We used a measure of subjective value based on revealed preferences that allowed us to assign a value estimate to each option across all decision contexts. Subjective value was estimated using the frequency of choosing the risky, delayed, and social options (outlier options) in each of the nine possible conditions in each session. For each context (risk, delay, social), we fit a line to the day’s preference points – one for each level of the non-standard option (low, medium, high risk; short, medium, long delay; small, medium, large juice). In a previous study (McCoy et al., 2003), we gave monkeys (one of whom is also used in this study) choices between different amounts of juice to determine the relationship between reward size and choice frequency. We then used that data to convert choice frequencies to equivalent juice values to model subjective value in the current study (cf. Hayden et al., 2007). For example, a 75% preference for the risky option over the safe one would be equivalent to the frequency with which monkeys choose 220 μL over 200 μL of juice rewarded deterministically. We examined the relationship between our estimate of subjective value and firing rate following delivery of the reward for each neuron, within each context. Figure 3 shows these relationships for a single neuron. In this example cell, firing rate was positively correlated with subjective value in the risk context, but was negatively correlated with subjective value in the social context.

Overall, during the post-reward epoch the population of CGp neurons was biased toward a positive relationship between firing rates and subjective value in the risk context [M = 0.066, t(70) = 3.5, p < 0.001, Figure 5A], biased toward a negative relationship between firing rates and subjective value in the social context [M = −0.064, t(70) = −3.67, p < 0.001, Figure 5C], and trended toward a negative relationship between firing rates and subjective value in the delay context [t(70) = −1.64, p = 0.10, Figure 5B]. This sign inversion is contradictory to the hypothesis of subjective value encoding. We also examined the relationship between firing rates and subjective value across all three decision contexts by incorporating all types of trials into our model. When all trials from all contexts and levels were included, there was no relationship between subjective value and firing rate across the population [t(70) = −1.10, p > 0.2, Figure 5D]. We next examined whether these correlation coefficient distributions were not just different from zero, but also from each other. As expected, the risk and delay correlation coefficient distributions were significantly different from each other [t(70) = 3.72, p = 0.0006] as were the risk and social correlation coefficient distributions [t(70) = 5.13, p < 0.00001], however, the social and delay correlation coefficient distributions were not significantly different from each other [t(70) = 1.46, p = 0.15]. If these neurons were encoding subjective value, we would have expected little difference across conditions.

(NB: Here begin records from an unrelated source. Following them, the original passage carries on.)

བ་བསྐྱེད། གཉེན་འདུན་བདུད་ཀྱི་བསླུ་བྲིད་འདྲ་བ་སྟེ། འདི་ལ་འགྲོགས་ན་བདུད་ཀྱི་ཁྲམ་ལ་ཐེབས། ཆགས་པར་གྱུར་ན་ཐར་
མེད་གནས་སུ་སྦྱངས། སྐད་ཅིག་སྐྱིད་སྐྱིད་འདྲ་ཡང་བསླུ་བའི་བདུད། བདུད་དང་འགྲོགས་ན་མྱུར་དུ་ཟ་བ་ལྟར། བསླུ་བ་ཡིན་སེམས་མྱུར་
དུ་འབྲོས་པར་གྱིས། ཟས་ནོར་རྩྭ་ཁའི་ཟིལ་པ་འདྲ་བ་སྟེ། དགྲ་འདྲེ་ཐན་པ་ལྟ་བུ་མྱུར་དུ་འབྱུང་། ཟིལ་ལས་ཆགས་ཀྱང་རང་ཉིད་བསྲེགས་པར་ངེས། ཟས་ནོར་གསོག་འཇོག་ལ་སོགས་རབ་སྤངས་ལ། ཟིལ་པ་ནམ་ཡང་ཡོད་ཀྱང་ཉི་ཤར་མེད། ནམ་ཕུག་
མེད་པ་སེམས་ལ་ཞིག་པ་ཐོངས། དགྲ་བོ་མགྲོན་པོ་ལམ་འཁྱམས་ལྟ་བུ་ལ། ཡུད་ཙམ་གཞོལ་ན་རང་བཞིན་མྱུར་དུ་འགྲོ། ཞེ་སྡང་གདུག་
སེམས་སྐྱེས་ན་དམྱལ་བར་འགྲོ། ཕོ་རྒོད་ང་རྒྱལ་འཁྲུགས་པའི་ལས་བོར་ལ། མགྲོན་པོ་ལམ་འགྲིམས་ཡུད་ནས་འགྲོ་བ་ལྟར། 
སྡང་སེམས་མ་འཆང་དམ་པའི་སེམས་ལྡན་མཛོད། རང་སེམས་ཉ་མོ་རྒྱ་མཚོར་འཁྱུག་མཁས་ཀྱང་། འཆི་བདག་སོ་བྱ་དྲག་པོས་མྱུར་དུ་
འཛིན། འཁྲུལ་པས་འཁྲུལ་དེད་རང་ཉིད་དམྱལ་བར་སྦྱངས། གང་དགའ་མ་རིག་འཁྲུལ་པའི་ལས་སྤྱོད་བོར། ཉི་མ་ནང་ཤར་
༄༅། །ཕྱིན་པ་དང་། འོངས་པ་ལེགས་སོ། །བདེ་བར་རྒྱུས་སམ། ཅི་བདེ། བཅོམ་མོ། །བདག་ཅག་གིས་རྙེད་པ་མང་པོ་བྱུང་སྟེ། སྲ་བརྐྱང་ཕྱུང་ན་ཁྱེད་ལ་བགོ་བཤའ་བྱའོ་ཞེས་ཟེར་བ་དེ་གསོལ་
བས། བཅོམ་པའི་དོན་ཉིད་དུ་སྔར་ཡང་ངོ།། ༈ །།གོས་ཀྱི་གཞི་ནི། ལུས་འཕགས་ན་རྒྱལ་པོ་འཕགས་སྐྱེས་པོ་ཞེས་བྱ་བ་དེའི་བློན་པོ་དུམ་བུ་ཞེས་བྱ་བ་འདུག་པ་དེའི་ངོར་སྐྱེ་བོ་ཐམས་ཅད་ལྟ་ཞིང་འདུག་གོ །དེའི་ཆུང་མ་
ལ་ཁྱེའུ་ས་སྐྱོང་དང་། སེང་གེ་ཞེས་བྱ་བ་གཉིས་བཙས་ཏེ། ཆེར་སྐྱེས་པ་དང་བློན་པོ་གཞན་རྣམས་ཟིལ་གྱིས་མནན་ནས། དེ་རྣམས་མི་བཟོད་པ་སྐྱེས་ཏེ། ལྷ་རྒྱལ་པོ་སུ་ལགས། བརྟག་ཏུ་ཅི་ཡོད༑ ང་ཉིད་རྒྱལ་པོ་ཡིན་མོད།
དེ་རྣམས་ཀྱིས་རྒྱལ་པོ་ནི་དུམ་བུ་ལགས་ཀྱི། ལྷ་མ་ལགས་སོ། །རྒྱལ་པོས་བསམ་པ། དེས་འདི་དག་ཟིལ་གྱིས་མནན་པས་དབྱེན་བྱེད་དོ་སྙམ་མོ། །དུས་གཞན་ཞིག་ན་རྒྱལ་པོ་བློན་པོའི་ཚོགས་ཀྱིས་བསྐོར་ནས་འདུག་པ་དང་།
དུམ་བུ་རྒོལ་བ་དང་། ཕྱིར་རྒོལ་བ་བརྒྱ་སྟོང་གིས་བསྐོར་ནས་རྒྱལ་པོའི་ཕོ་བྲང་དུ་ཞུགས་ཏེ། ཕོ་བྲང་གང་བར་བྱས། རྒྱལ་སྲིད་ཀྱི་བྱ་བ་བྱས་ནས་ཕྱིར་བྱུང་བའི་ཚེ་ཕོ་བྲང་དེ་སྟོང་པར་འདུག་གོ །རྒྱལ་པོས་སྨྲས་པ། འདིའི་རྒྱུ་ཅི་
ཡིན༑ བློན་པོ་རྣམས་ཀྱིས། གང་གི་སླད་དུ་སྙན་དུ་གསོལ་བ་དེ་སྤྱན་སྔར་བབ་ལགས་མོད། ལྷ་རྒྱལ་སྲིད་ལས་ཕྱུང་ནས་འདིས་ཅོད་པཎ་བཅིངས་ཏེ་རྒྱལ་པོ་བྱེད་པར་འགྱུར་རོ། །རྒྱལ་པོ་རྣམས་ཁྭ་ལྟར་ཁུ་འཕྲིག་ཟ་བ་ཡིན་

Given that CGp neurons show a weak bias for contralateral choices, we repeated these analyses using the original model for trials that only included contraversive saccades and found the same effects. We found qualitatively similar results to those reported for all saccades, but with significant (negative) encoding in the delay context: Risk, t(60) = 2.13, p = 0.04; Delay, t(61) = −2.04, p = 0.046; Social, t(61) = −2.5, p = 0.01.

FIGURE 5

Figure 5. The CGp population does not encode value independent of context. Histogram of correlation coefficients for subjective value (see Materials and Methods) for the: (A) Risk context. (B) Delay context (C) Social valuation context. (D) All contexts combined.

In addition to this method, we recalculated our data using an alternative method, in case the particular model of value we chose biased our data against the subjective value hypothesis. Thus, we estimated subjective value using an alternative approach and found highly similar results. We examined whether firing rates matched daily choice frequencies, without any additional transformations. Under this model, both the standard and non-standard options could attain different relative values across different contexts and levels, simply based on different preference levels. Results, however, were similar to other model. In the post-reward epoch, we observed a significant correlation between subjective value and firing rate in the risk context [t(70) = 2.86, p = 0.006], a negative correlation in the social context [t(70) = −3.37, p = 0.001], and a non-significant negative correlation in the delay context [t(70) = −0.83, p = 0.40].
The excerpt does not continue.